À ces questions, à ces crises, Dix Pour Cent semble au départ annoncer qu’elle est complètement dépassée par les situations. Les intrigues se poursuivent mollement et les Talents guests apparaissent sans réelles convictions. Mention spécial à l’intrigue avec Franck Dubosc, qui frôle le OK Boomer dans sa manière de caricaturer les espoirs du jeune cinéma français (malgré une conclusion pleine d’espoir sur le dialogue entre générations). Mais cette lenteur presque désinvolte prend son sens : la fin de cette aventure se confirme. Petit à petit, les locaux de ASK se vident de leurs talents par manque de reconnaissance (illustrée par le caméo de Mimie Mathy, plus démoniaque que ange gardien) ; par concurrence et par déficit budgétaire. L’ensemble de cette nouvelle saison paraît assez pessimiste, au premier regard. Mais les différents parcours vécus par les membres de la bande vont prouver qu’un horizon inédit peut être possible…
Le Nouveau Monde
Trois personnages vont tirer leur épingle du jeu de cette crise : Sofia (Stéfie Celma) démarre sa jeune carrière de comédienne suite à sa révélation au public par son rôle dans le film de Julien Doré. Hervé (Nicolas Maury) voit son plan de carrière d’agent vrillé lorsque Valérie Donzelli lui propose de jouer dans son film, par un concours de circonstance. Et Noémie (Laure Calamy) s’affirme de plus en plus dans la boîte de production qu’elle mène avec Matthias.
Si les avenirs du reste de la troupe (on pense à Andréa, Gabriel et Hicham) semblent plus incertains, la série apporte son vent de fraîcheur par l’attachement envers ces personnages plus marginaux, décalés, qui auront su révéler leurs facettes tout au long de la série. Une situation qui dépasse le cadre du petit écran.

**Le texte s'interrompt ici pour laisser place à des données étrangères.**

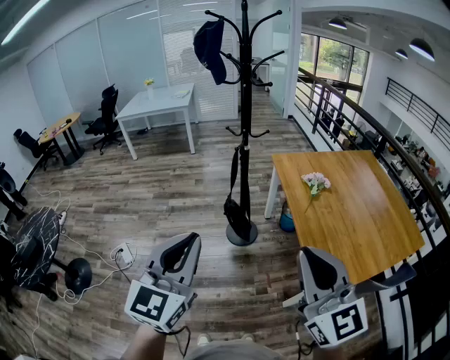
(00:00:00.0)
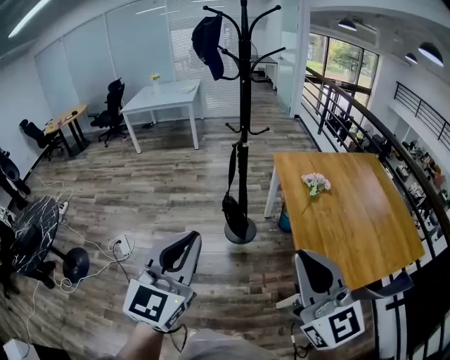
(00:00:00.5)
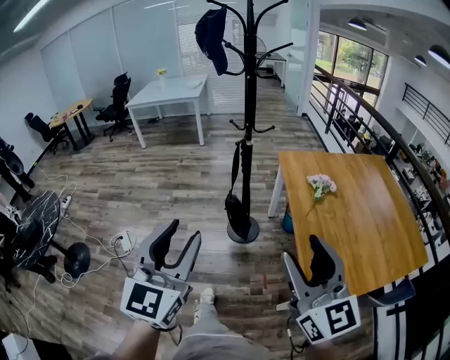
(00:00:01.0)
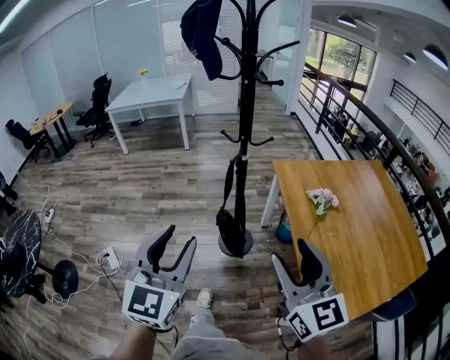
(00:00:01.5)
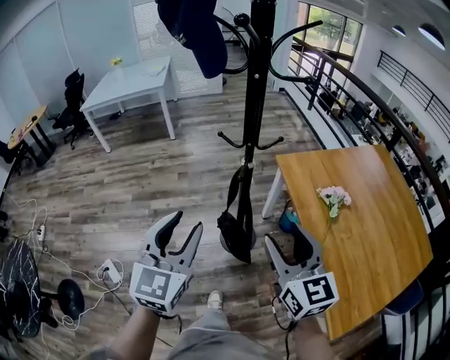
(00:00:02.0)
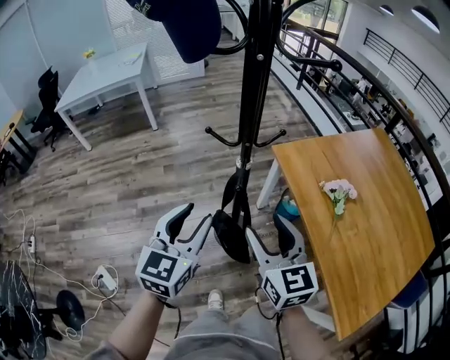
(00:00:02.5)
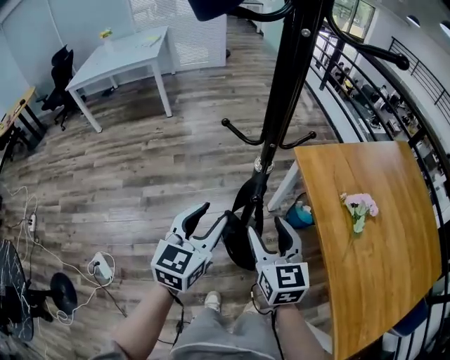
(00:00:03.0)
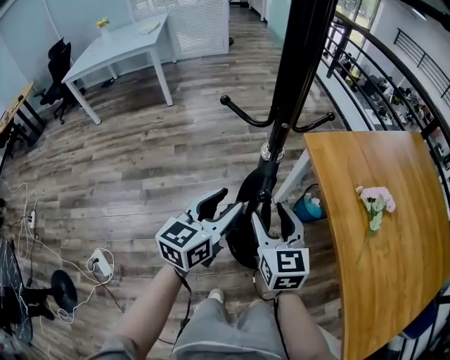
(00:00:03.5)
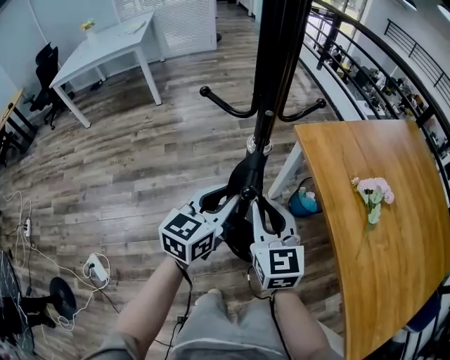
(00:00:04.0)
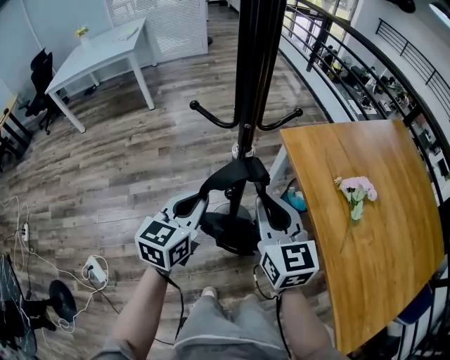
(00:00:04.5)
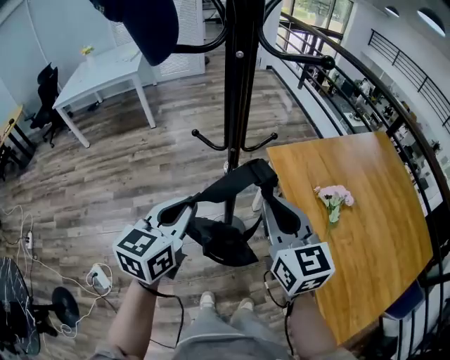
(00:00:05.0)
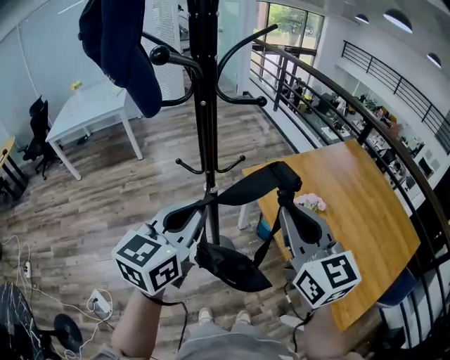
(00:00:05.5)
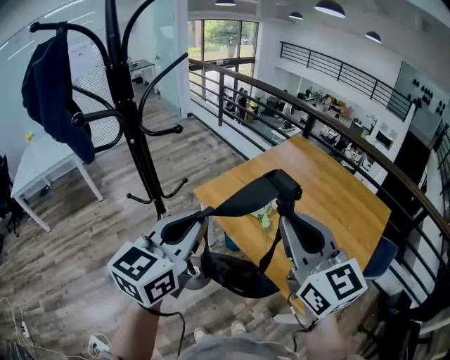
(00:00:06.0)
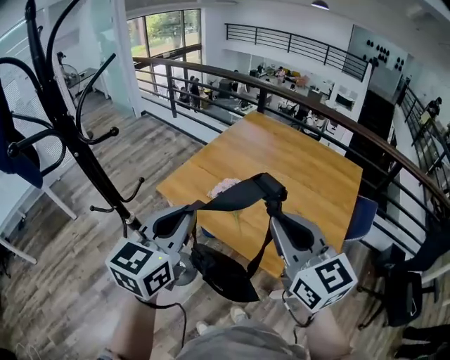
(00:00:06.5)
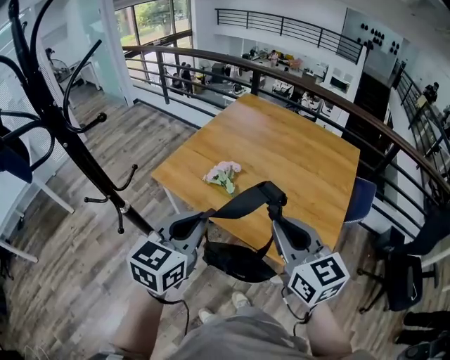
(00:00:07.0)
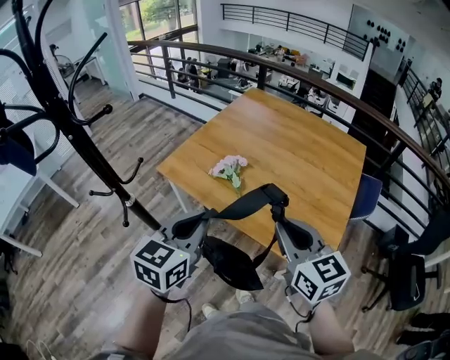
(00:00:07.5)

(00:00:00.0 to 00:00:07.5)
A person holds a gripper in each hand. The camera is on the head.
00:00:00.0 - 00:00:02.0: Both grippers travel together forward, some 35 cm. The left gripper opens up, while the right gripper opens up.
00:00:02.0 - 00:00:04.0: The two grippers go about 35 cm downward and forward. The right gripper closes, while the left gripper turns by about 30 degrees.
00:00:04.0 - 00:00:05.5: The left gripper moves upward, about 30 cm, and closes, while the right gripper moves upward and to the right, approximately 35 cm.
00:00:05.5 - 00:00:07.5: The left gripper moves roughly 20 cm, and changes its angle by some 40 degrees, while the right gripper changes place by approximately 25 cm, and swivels some 30 degrees.

En effet, une chose qu’on ne peut enlever à Dix Pour Cent, c’est sa faculté à proposer un autre regard sur le cinéma français. Qui se retrouve parfois écrasé par ce vieux cinéma qu’on a mentionné tout à l’heure et que flatte encore Besnehard, mais qui a amplement acquis la notoriété du public. La preuve en est : Laure Calamy triomphe au box-office avec Antoinette dans les Cévennes et apparaît régulièrement dans ce qui sort du cinéma français ; Nicolas Maury vient de sortir son premier long-métrage intitulé Garçon Chiffon et on a pu voir Stefi Celma dans Miss et Balle Perdue cette année.

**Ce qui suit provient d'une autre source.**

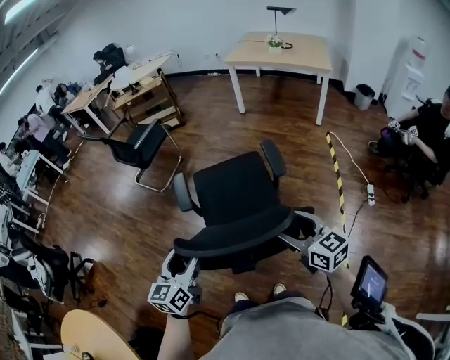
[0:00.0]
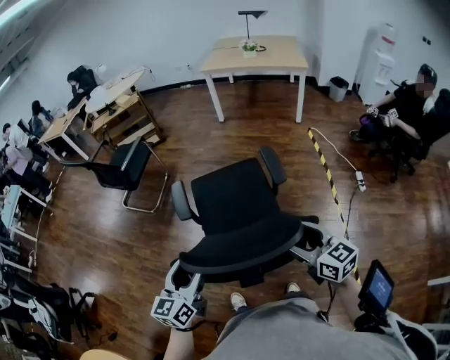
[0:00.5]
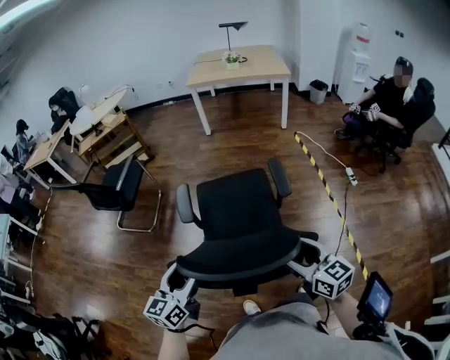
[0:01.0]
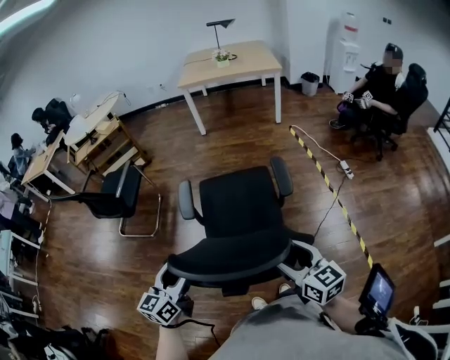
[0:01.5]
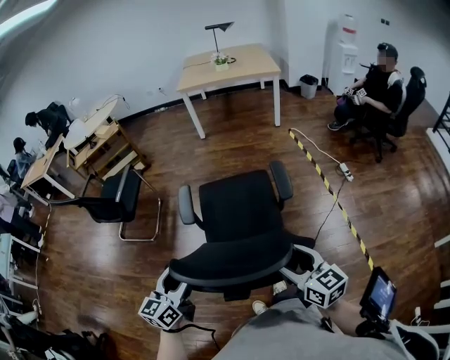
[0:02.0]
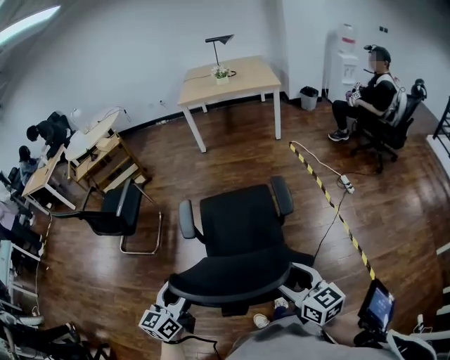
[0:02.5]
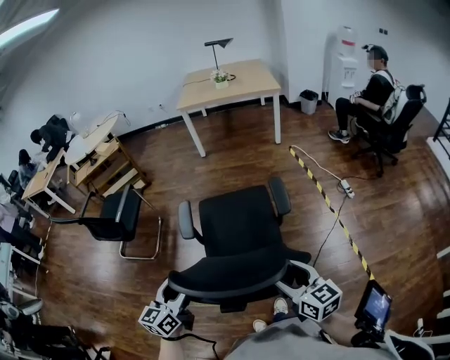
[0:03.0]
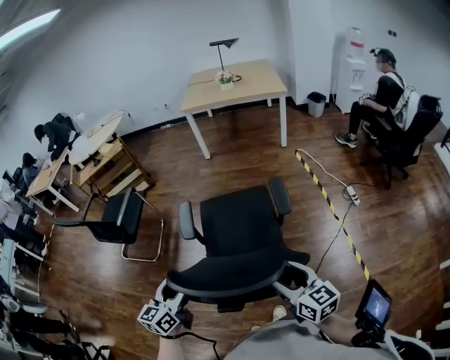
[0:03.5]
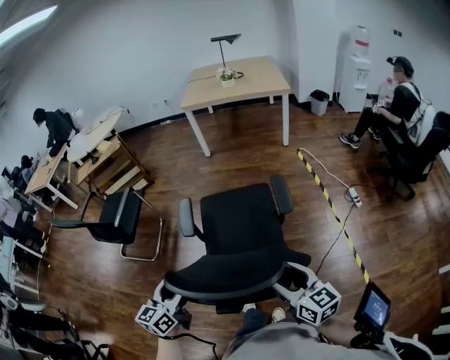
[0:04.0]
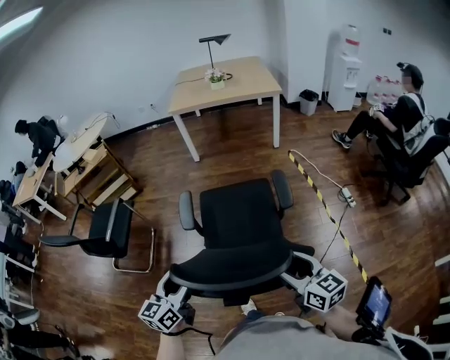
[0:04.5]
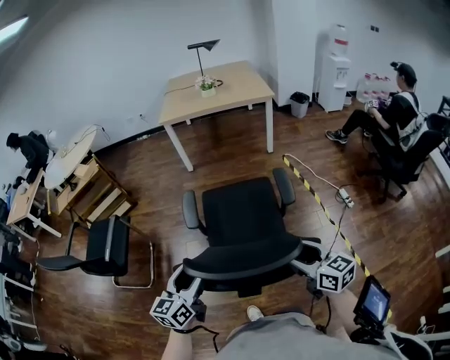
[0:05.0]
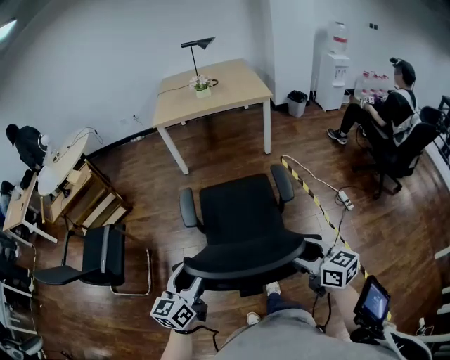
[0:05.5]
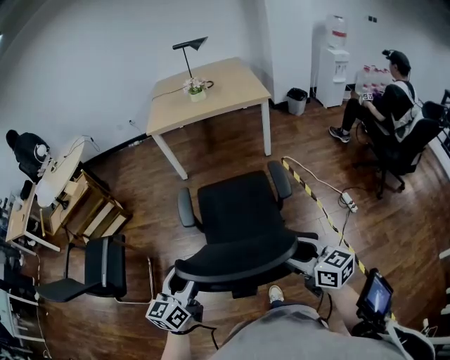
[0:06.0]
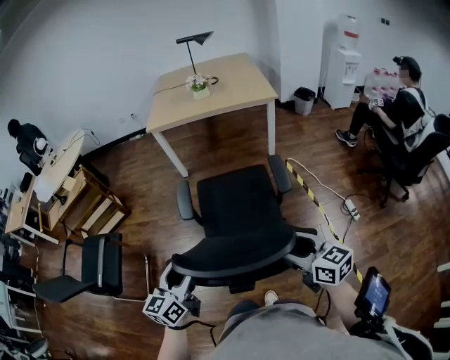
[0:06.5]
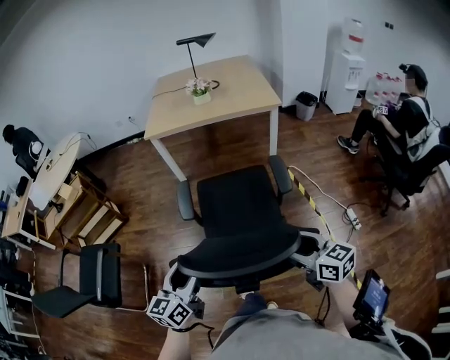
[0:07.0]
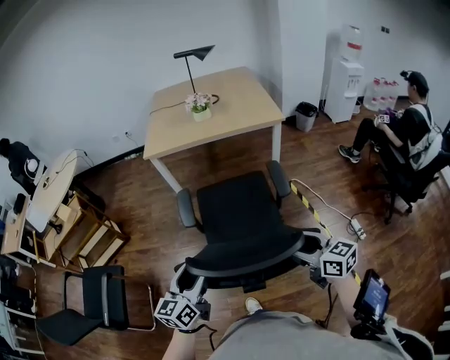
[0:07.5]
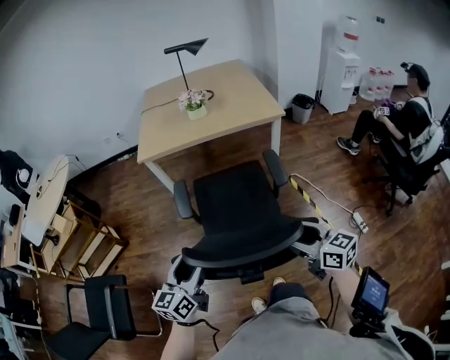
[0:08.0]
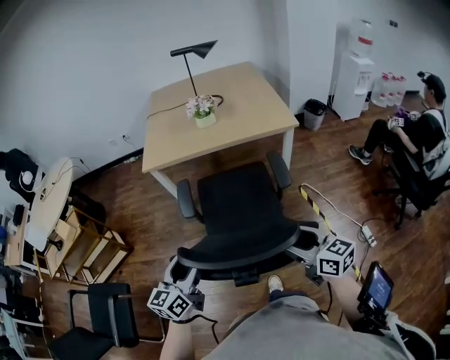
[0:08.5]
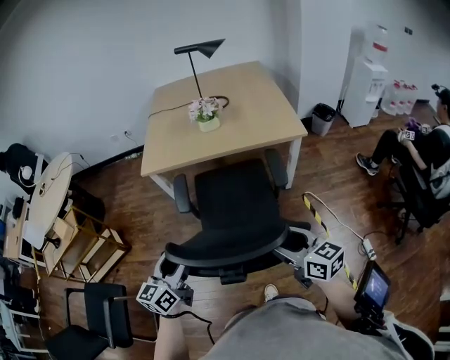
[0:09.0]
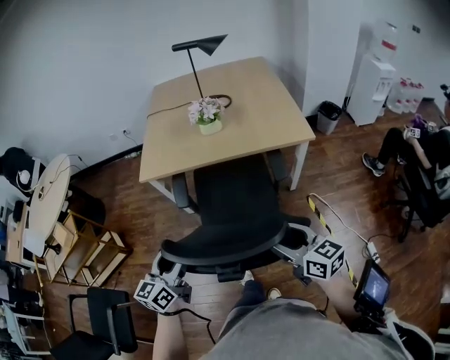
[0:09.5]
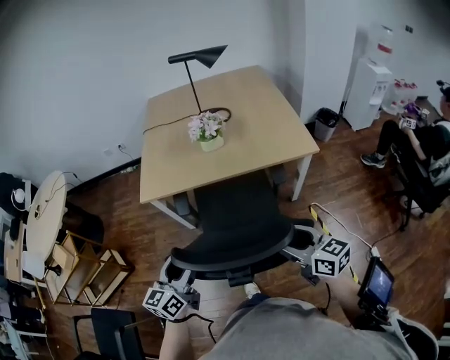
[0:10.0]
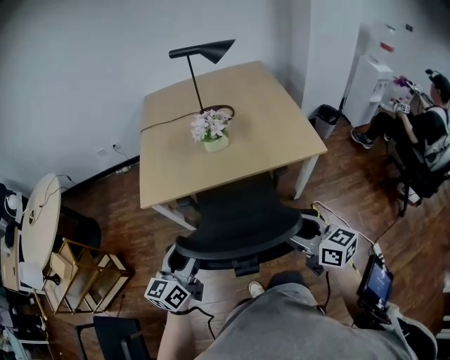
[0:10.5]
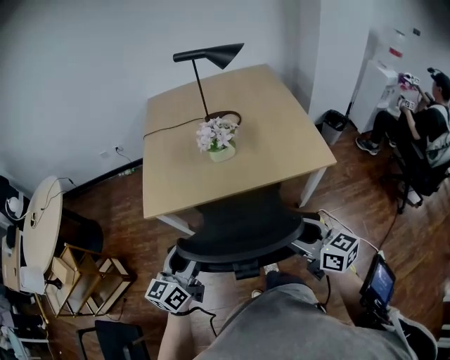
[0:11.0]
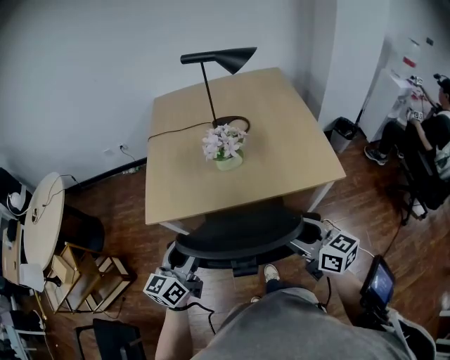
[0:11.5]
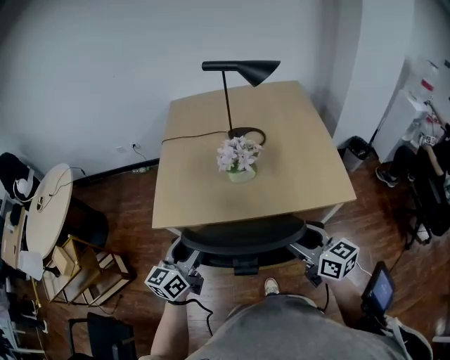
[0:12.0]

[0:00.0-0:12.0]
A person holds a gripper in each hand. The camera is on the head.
0:00.0 to 0:02.0: The right gripper changes place by approximately 20 cm, and swivels about 30 degrees, while the left gripper changes place by approximately 20 cm, and turns by about 30 degrees.
0:02.0 to 0:04.0: Both grippers travel together forward, approximately 15 cm.
0:04.0 to 0:06.0: Both grippers travel together forward, some 30 cm.
0:06.0 to 0:08.0: The grippers both shift forward by roughly 30 cm.
0:08.0 to 0:10.0: The grippers both shift forward by approximately 30 cm.
0:10.0 to 0:12.0: Both grippers travel together forward, roughly 25 cm.

Ce nouveau regard prouve que l’esprit de Ask n’est pas révolue : les Talents sont créés, choyés et protégés par ce cercle amical que l’on a côtoyé pendant des années. Car au fond, c’est aussi pour cela que l’on a adoré suivre Dix Pour Cent durant toutes ces années. Plus fort que le milieu privilégié côtoyé, c’est un cercle d’amis irrésistibles que nous avions suivi.
La série tire sa force par les rapports humains bâtis entre les personnages. Rapports entre collègues, entre ami.e.s, entre conjoint.e.s. C’est d’ailleurs en cela que cette saison nous a paru en-deçà des précédentes, tant ces rapports apparaissent de manière plus superficielles et moins sincères. Notamment dans l’intrigue entre Andréa et Colette, ainsi que la quasi-absence injustifiée d’Hicham ; qui était l’un des moteurs dramatiques des dernières saisons. Heureusement, la série a eu comme un flash soudain et nous fait ressurgir cet esprit de complicité dans le dernier épisode ; fort en émotions, et qui laisse espérer un monde plus neuf pour le cinéma. Du moins, on l’espère.
Dix Pour Cent est au final un parfait au revoir : on se sent agacé au départ, attristé même, mais on oublie pas pourquoi nous sommes dans cet état et on parvient à faire nos adieux de manière digne.